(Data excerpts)
*** Begin section ***

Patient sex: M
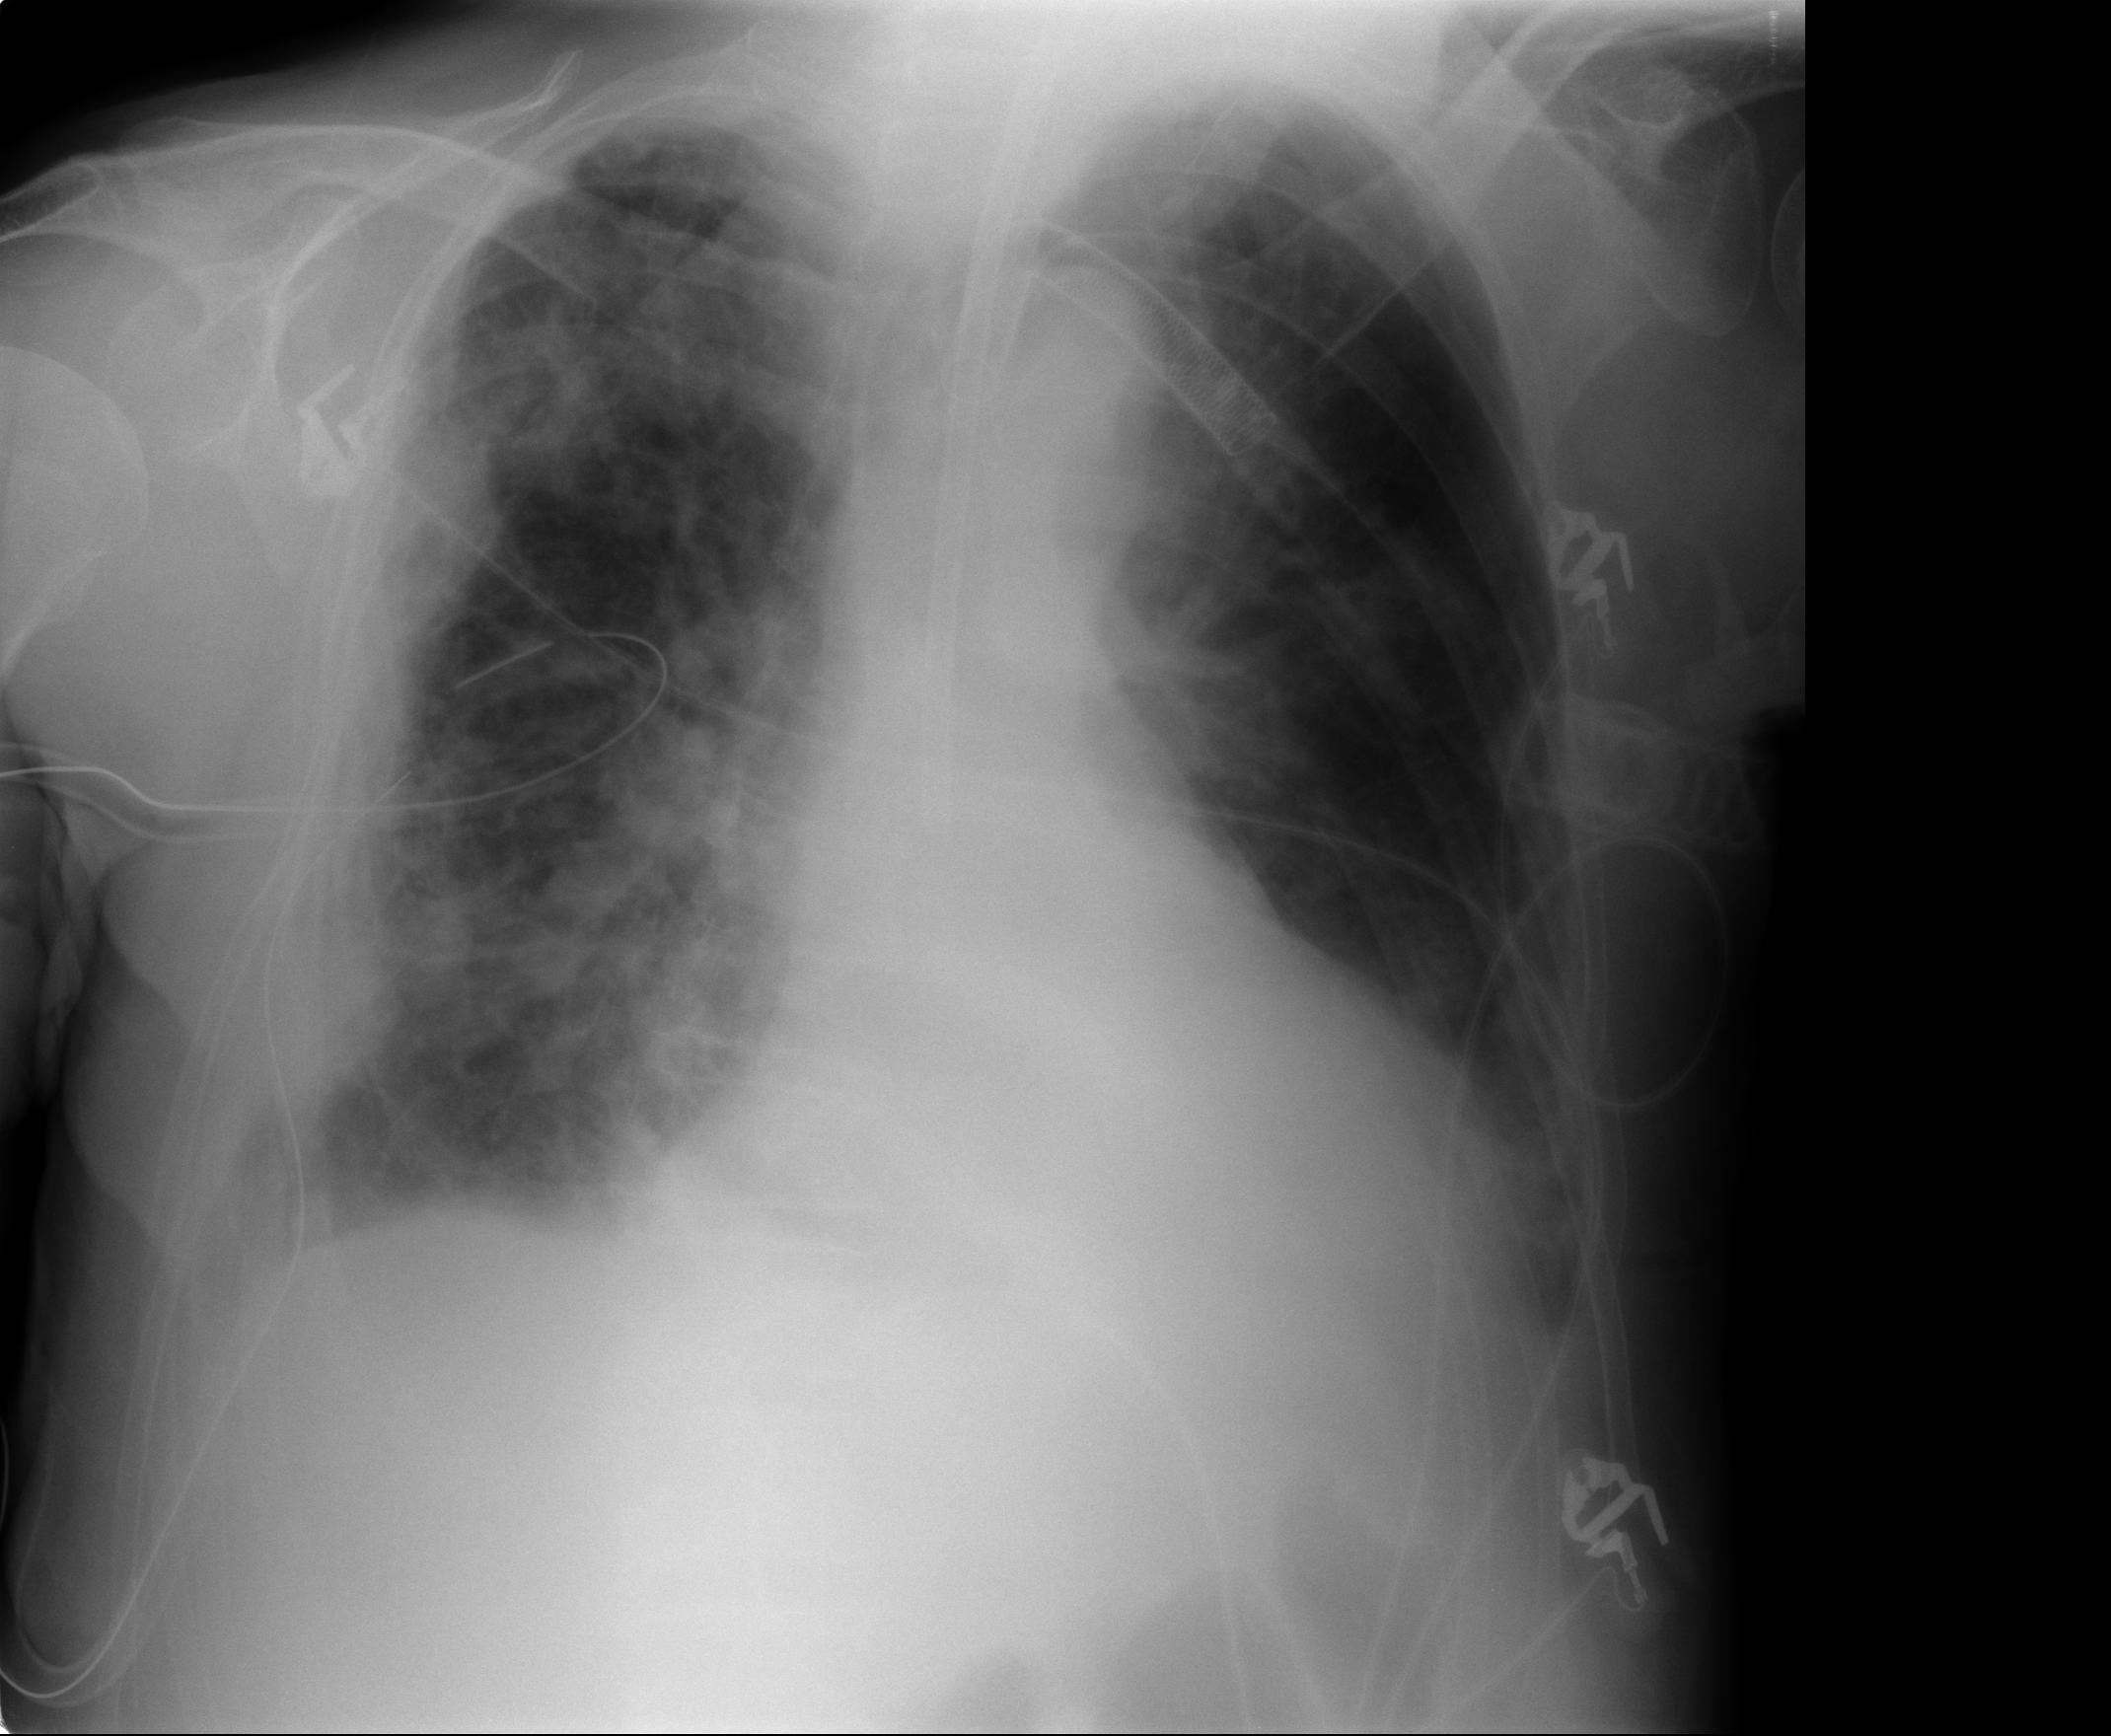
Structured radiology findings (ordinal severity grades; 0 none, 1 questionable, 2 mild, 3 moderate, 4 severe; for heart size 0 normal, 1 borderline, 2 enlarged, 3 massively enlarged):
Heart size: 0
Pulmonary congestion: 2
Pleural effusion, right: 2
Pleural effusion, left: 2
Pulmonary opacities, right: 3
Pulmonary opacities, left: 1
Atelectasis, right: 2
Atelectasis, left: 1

*** End section ***

• [Required action]
In your copy, include every record word for word but no pictures.

• [Task response]
Patient sex: M
Structured radiology findings (ordinal severity grades; 0 none, 1 questionable, 2 mild, 3 moderate, 4 severe; for heart size 0 normal, 1 borderline, 2 enlarged, 3 massively enlarged):
Heart size: 0
Pulmonary congestion: 2
Pleural effusion, right: 2
Pleural effusion, left: 2
Pulmonary opacities, right: 3
Pulmonary opacities, left: 1
Atelectasis, right: 2
Atelectasis, left: 1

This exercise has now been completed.